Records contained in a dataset
[Start of Attachment]

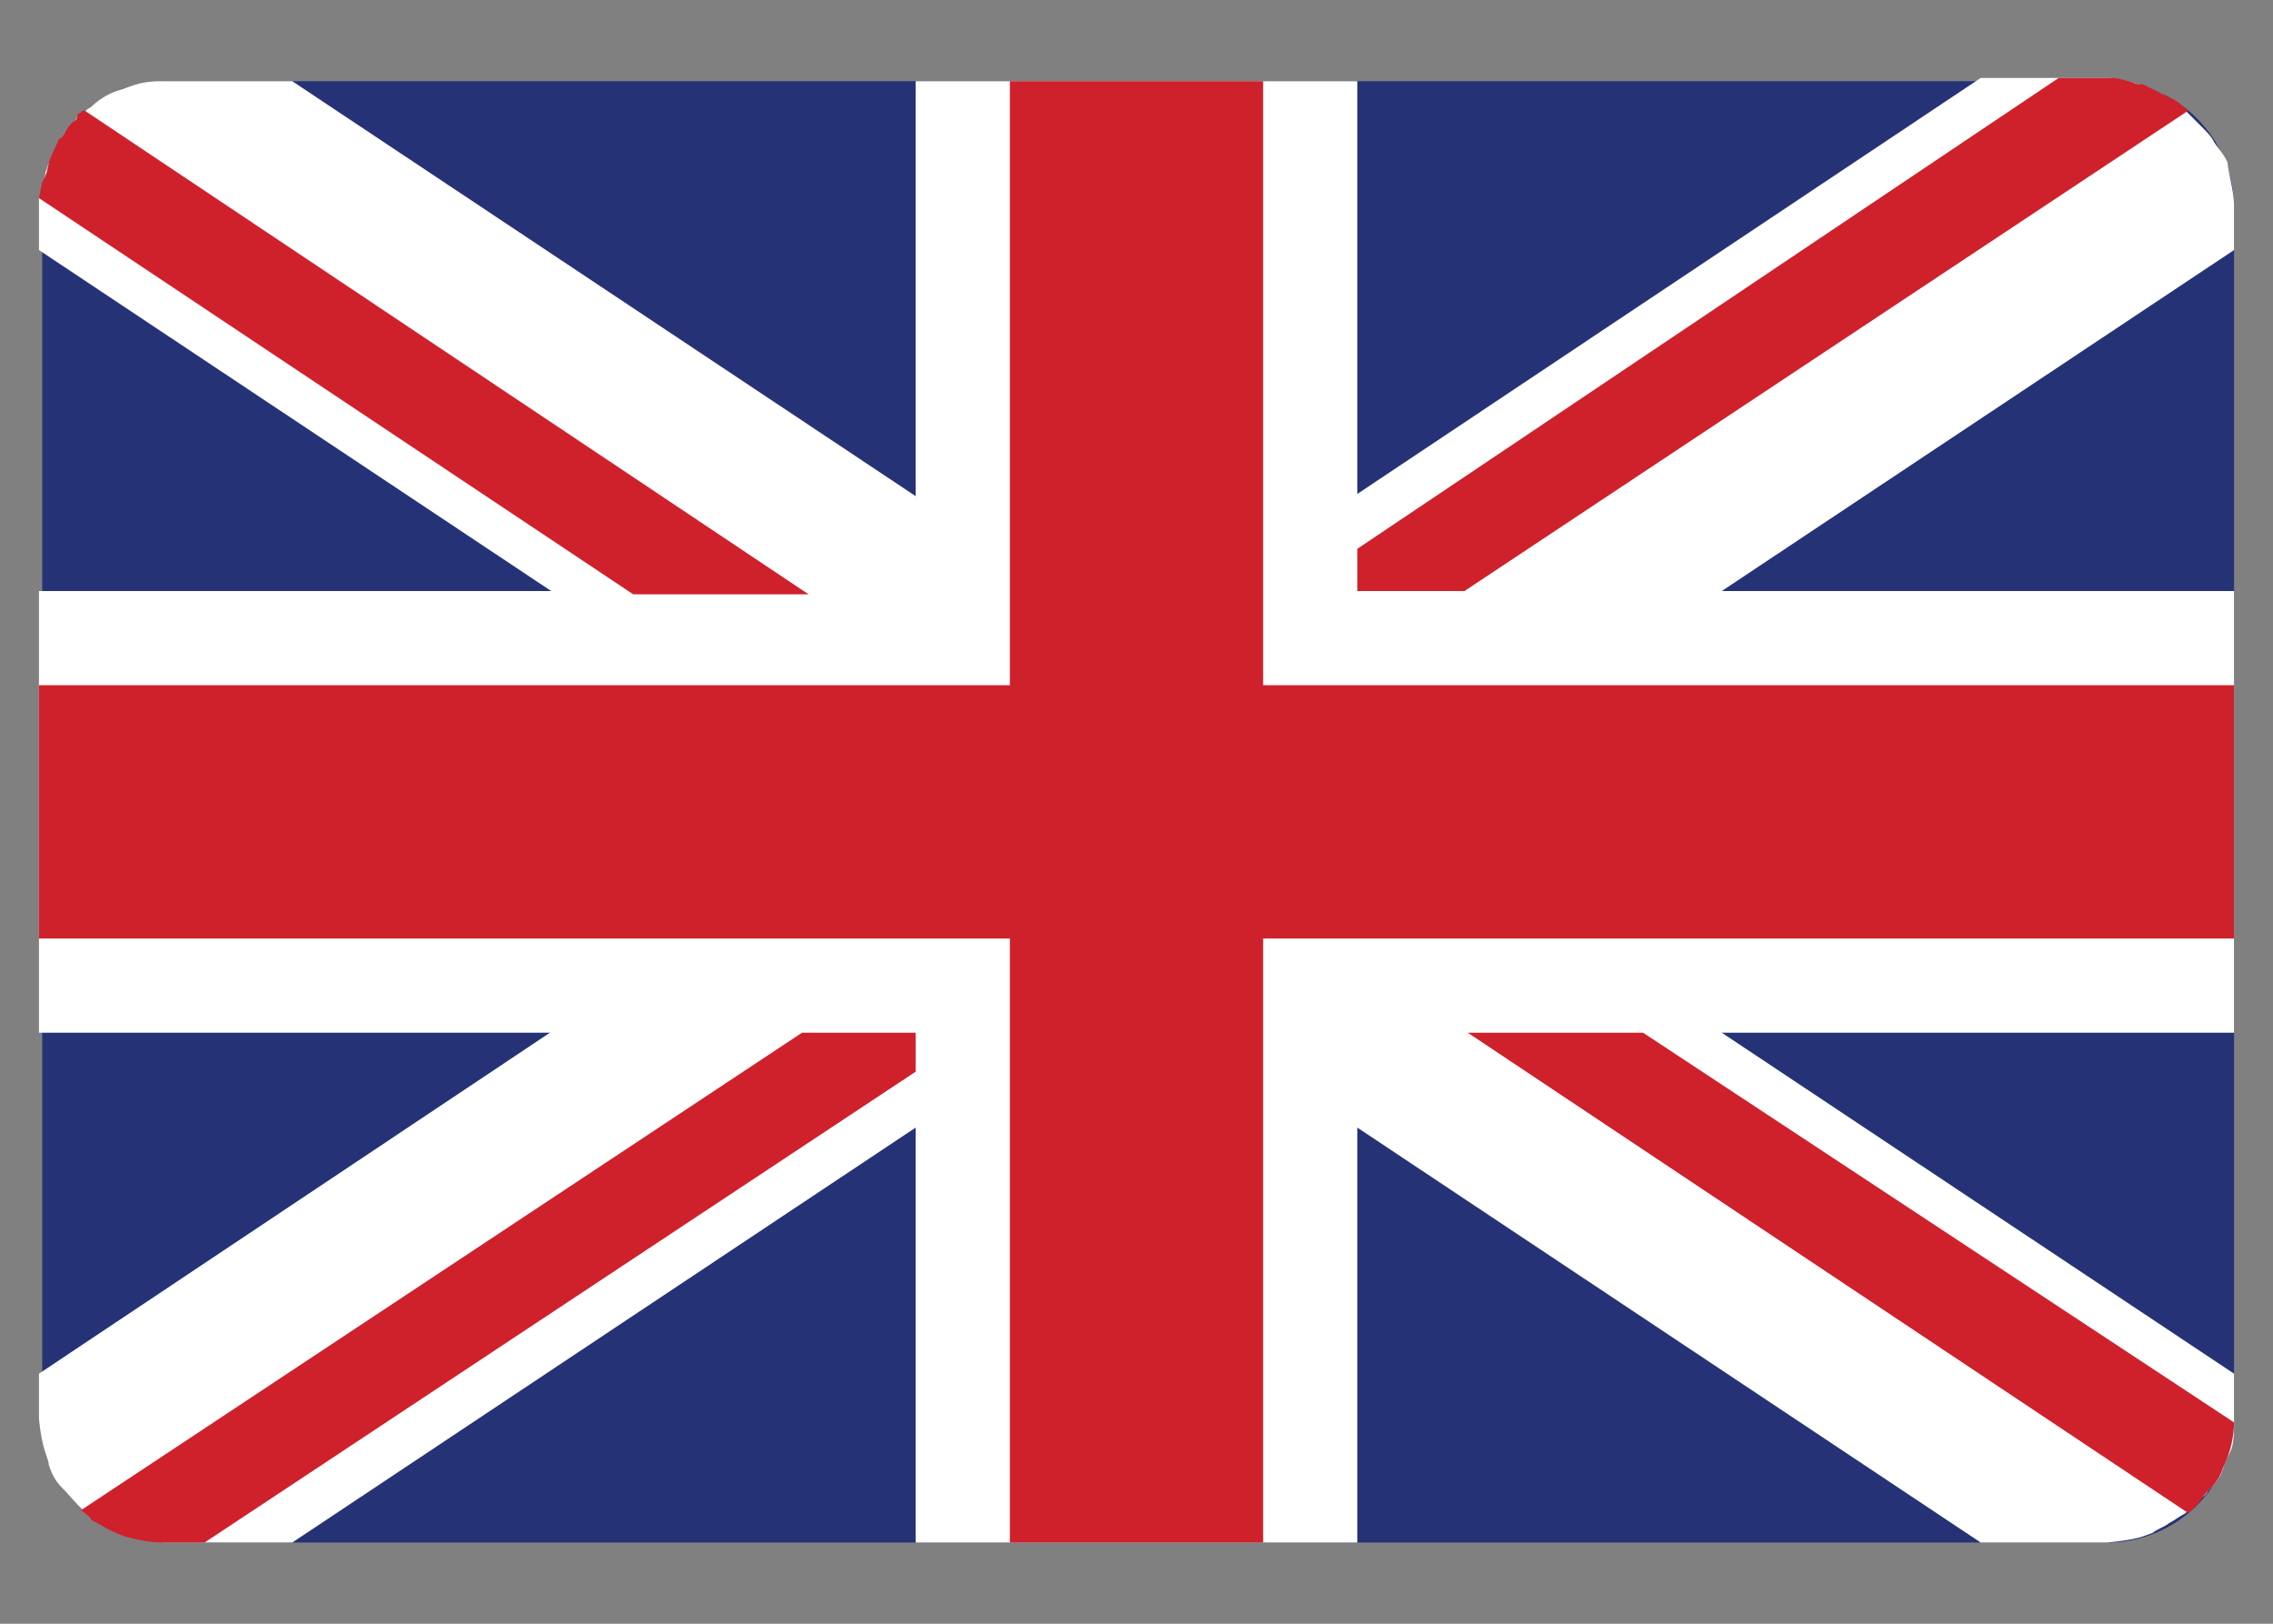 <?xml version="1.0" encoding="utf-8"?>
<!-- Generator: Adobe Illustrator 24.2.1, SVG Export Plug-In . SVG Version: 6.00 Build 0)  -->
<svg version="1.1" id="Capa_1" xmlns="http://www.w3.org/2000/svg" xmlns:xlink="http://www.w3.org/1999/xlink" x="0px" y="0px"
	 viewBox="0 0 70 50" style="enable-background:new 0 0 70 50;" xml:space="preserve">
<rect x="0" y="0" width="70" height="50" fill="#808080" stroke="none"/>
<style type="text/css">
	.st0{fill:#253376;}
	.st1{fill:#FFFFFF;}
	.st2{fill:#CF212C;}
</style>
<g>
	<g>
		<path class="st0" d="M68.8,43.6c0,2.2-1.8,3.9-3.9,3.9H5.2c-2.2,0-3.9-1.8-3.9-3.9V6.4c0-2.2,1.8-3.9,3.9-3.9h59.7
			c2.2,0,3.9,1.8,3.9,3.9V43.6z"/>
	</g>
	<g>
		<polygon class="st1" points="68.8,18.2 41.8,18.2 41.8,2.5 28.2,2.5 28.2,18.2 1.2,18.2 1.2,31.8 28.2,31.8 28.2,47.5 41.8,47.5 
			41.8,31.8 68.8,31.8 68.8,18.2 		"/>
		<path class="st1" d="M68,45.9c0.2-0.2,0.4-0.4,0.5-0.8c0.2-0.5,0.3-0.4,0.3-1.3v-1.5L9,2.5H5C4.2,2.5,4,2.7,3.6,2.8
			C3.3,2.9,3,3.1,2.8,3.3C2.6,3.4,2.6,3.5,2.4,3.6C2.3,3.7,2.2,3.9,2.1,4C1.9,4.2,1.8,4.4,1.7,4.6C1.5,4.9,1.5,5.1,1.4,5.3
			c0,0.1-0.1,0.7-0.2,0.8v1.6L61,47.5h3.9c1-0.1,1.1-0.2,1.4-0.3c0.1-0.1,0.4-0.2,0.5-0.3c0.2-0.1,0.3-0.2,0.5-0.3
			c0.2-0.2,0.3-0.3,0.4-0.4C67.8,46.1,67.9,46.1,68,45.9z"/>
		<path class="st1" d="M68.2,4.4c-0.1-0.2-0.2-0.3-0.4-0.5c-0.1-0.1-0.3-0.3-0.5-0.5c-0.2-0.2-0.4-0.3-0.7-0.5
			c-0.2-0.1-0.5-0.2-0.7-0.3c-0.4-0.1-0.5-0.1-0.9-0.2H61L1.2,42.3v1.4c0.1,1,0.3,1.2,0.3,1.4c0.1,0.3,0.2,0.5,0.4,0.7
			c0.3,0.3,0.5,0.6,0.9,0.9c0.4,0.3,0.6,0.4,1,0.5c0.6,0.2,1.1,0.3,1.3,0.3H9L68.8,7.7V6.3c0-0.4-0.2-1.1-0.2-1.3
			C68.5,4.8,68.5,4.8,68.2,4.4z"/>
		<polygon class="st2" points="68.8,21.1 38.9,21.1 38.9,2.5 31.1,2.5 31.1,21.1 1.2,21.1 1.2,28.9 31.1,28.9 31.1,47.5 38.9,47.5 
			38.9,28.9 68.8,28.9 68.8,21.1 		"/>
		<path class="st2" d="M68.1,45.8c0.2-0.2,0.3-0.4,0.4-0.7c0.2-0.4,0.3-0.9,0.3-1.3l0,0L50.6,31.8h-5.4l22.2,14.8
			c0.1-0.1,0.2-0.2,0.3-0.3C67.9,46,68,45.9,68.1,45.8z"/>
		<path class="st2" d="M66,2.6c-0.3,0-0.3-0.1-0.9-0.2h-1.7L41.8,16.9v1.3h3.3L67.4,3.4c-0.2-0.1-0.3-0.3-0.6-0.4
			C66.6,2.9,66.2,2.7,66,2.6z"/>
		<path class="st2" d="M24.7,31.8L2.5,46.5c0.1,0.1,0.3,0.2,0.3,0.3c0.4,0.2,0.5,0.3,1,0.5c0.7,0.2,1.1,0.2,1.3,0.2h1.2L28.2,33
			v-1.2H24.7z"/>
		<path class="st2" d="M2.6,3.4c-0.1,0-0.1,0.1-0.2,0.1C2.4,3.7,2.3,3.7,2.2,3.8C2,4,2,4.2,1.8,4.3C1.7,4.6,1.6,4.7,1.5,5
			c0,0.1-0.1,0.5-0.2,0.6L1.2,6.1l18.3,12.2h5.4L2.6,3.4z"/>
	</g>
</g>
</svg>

[End of Attachment]

In the entries above, find each line that includes the string "points" and copy it.

Completed exercise -
		<polygon class="st1" points="68.8,18.2 41.8,18.2 41.8,2.5 28.2,2.5 28.2,18.2 1.2,18.2 1.2,31.8 28.2,31.8 28.2,47.5 41.8,47.5 
		<polygon class="st2" points="68.8,21.1 38.9,21.1 38.9,2.5 31.1,2.5 31.1,21.1 1.2,21.1 1.2,28.9 31.1,28.9 31.1,47.5 38.9,47.5 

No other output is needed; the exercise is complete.